And everywhere there was a low, constant drumming.
Heartbeats.
The sound was so mesmerizing that Phoebe barely registered when Jason stopped, hands tucked into his pockets. He had been speaking to her.
“Sorry?” Phoebe said, focusing her attention back on her stepbrother.
“Are you okay?” Jason’s eyes were more green than brown, Phoebe noticed on closer inspection. There were faint creases at the corners of his eyes, too, even though he looked no older than she did. Phoebe had seen lines like these before, on friends who sailed and spent lots of time on the water.
“Where are you from?” Phoebe asked.
“You shouldn’t ask,” Jason said, his feet moving forward. “Never ask a vampire their birthplace, age, or real name.”
“But you’re not any vampire. You’re family.” Phoebe caught up with him easily.
“So I am.” Jason laughed. “Still, you need to be careful. The last creature who asked Miriam her age is buried on the bottom of the Bosporus. Your maker’s fierce. Don’t cross her.”
Phoebe had crossed her. In Freyja’s dining room.
“Uh-oh. Your heart rate just spiked,” Jason observed. “What did you do?”
“Challenged her.”
“Did you end up wishing you’d never been born?” Jason’s expression was sympathetic.
“Miriam hasn’t mentioned it since.” Phoebe bit her lip. “Do you think she’s forgiven me?”
“No chance.” Jason smiled cheerfully. “Miriam has the memory of an elephant. Don’t worry. She’ll make you atone. One day.”
“That’s what I’m afraid of,” Phoebe said.
“Miriam will wait until your guard is down. It won’t be pleasant. But at least then it will be over.” Jason turned to face her. “If there’s one thing everybody knows about Miriam, it’s that she doesn’t hold grudges. Not like Marcus’s father.”
“I still don’t feel I understand Matthew,” Phoebe confessed. “Ysabeau, Baldwin, Freyja—even Verin—I feel somehow connected to all of them, but not to Matthew.”
“I doubt Matthew understands himself,” Jason said quietly.
Phoebe was chewing on that tidbit of information when they turned off the Avenue George V and onto the banks of the Seine. The Palais Bourbon across the river was brightly illuminated, as were the bridges that spanned the river. Beyond the Pont Alexandre III, the spokes of the Roue de Paris glowed blue and white.
Phoebe moved toward the bright colors, mesmerized.
“Hang on, Phoebe.” Jason’s hand was on her elbow, his weight an anchor holding her back.
Phoebe tried to shake him off, dazzled by the prospect of all that light. Jason’s hand tightened, his fingers exerting a painful pressure.
“Too fast, Phoebe. People are watching.”
That stopped her in her tracks. Phoebe’s breath was ragged.
“My mother used to say that.” Phoebe’s past and present collided. “When we were out at the ballet.
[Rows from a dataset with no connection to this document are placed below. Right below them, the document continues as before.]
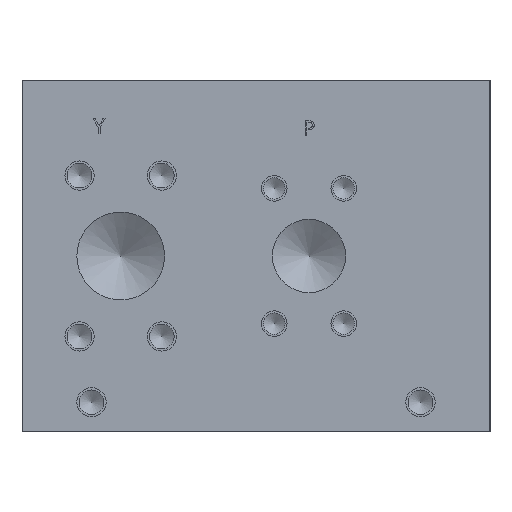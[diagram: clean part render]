
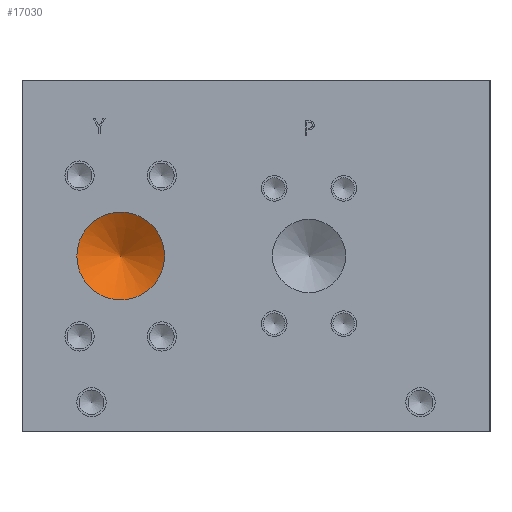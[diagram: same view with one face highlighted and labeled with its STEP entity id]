
A CAD part, left-side view. The second image highlights one B-rep face of the part: STEP entity #17030.
In plain terms, the highlighted conical face has half-angle 60 degrees and reference radius 9.525 mm.
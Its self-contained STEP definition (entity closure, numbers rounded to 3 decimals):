
#281=CONICAL_SURFACE('',#18355,9.525,1.047);
#870=CIRCLE('',#18356,19.05);
#871=CIRCLE('',#18357,19.05);
#2431=FACE_OUTER_BOUND('',#3492,.T.);
#3492=EDGE_LOOP('',(#15264,#15265,#15266,#15267));
#4973=LINE('',#29401,#6399);
#6399=VECTOR('',#22385,9.525);
#8386=VERTEX_POINT('',#29397);
#8387=VERTEX_POINT('',#29398);
#8388=VERTEX_POINT('',#29400);
#10727=EDGE_CURVE('',#8386,#8387,#870,.T.);
#10728=EDGE_CURVE('',#8387,#8388,#4973,.T.);
#10729=EDGE_CURVE('',#8387,#8386,#871,.T.);
#15264=ORIENTED_EDGE('',*,*,#10727,.T.);
#15265=ORIENTED_EDGE('',*,*,#10728,.T.);
#15266=ORIENTED_EDGE('',*,*,#10728,.F.);
#15267=ORIENTED_EDGE('',*,*,#10729,.T.);
#17030=ADVANCED_FACE('',(#2431),#281,.F.);
#18355=AXIS2_PLACEMENT_3D('',#29396,#22381,#22382);
#18356=AXIS2_PLACEMENT_3D('',#29399,#22383,#22384);
#18357=AXIS2_PLACEMENT_3D('',#29402,#22386,#22387);
#22381=DIRECTION('center_axis',(-1.,0.,0.));
#22382=DIRECTION('ref_axis',(0.,1.,0.));
#22383=DIRECTION('center_axis',(-1.,0.,0.));
#22384=DIRECTION('ref_axis',(0.,1.,0.));
#22385=DIRECTION('',(0.5,0.866,0.));
#22386=DIRECTION('center_axis',(-1.,0.,0.));
#22387=DIRECTION('ref_axis',(0.,1.,0.));
#29396=CARTESIAN_POINT('Origin',(16.498,160.35,76.2));
#29397=CARTESIAN_POINT('',(10.999,179.4,76.2));
#29398=CARTESIAN_POINT('',(10.999,141.3,76.2));
#29399=CARTESIAN_POINT('Origin',(10.999,160.35,76.2));
#29400=CARTESIAN_POINT('',(21.997,160.35,76.2));
#29401=CARTESIAN_POINT('',(16.498,150.825,76.2));
#29402=CARTESIAN_POINT('Origin',(10.999,160.35,76.2));

Or the theater. Or playing in the park. ‘People are watching.’”
Jason said something, his voice sounding far away and muffled by the loud drumming of hearts and made inconsequential by the brilliant hues that surrounded them. He spun Phoebe around. She snarled as the lights and color fused into a dizzying whorl.
“You’re lightstruck.” Jason’s eyes were pinwheels of green and gold. He swore.
Phoebe’s knees crumpled and she sagged toward the pavement.
“Too much champagne, darling?” A woman laughed. White. Middle-aged. American, based on the accent. A tourist.
Phoebe lunged.
The tourist’s eyes widened in sudden terror. She screamed.
Passersby—those strolling lovers, seemingly lost in their mutual adoration—stopped and turned.
“Qu’est-ce que c’est?” A National Police officer, fully kitted out in navy and white, was on patrol alone. She planted her feet wide and put her hands to the belt that held her communications device and weapons.
But the question came too late. Phoebe was already at the tourist’s throat, her hands grabbing at her thin sweater.
A flashlight shone directly into Phoebe’s eyes. She winced and let the struggling woman go.
“Are you all right, madame?” the officer asked the tourist.
“Yes. I think so,” the American said, her voice shaking.
“This is outrageous. We were walking back to our hotel when that woman attacked us,” the tourist’s companion said. Now that the danger had passed, he was full of bluff and swagger.